Well, instead of the applied “shift by +10 channels”, you could also simply shift “h_Compressed” by -10 channels (no data are “lost” in this case):

t->Project("h_Small", "0.5 + Entry$", "v");
// ...
h_Compressed->GetXaxis()->SetLimits(0 - 10, n - 10); // as "h_Small", shifted by -10

However, I think the real problem is not just a simple “shift” but a change in the “ADC gain” (no data are “lost” in this case):

t->Project("h_Small", "0.5 + Entry$", "v");
// ...
h_Compressed->GetXaxis()->SetLimits(0, n / 1.5); // "ADC gain" correction

Thank you very much for your help!
It indeed seems that it’s a problem with a gain shift!

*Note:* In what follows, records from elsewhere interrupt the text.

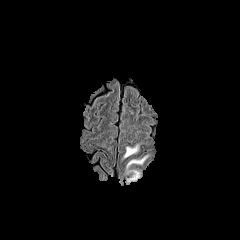
FLAIR MR.
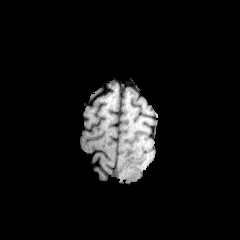
Same slice, T1-weighted MR image.
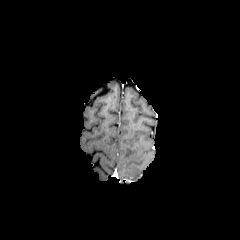
Post-contrast T1-weighted MR image.
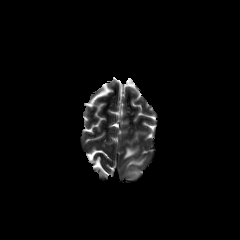
T2-weighted magnetic resonance.
240x240 px
Edema = {"x1": 122, "y1": 145, "x2": 139, "y2": 159}, {"x1": 125, "y1": 155, "x2": 148, "y2": 184}.

Note that you do not need to create “h_Compressed” with the binning similar to “h_Small” at all.
You can simply use “h_Big” as it is (i.e. draw it without “scaling” and “rebinning”):

h_Big->GetXaxis()->SetLimits(0, n / 1.5); // "ADC gain" correction
h_Big->ResetStats();

And, of course, you can also do it the other way around … instead of correcting “h_Big”, correct “h_Small” (after it’s been “filled”):

h_Small->GetXaxis()->SetLimits(0, h_Big->GetXaxis()->GetXmax() * 1.5); // "ADC gain" correction
h_Small->ResetStats();

That definitely sounds more straight forward!

This topic was automatically closed 14 days after the last reply. New replies are no longer allowed.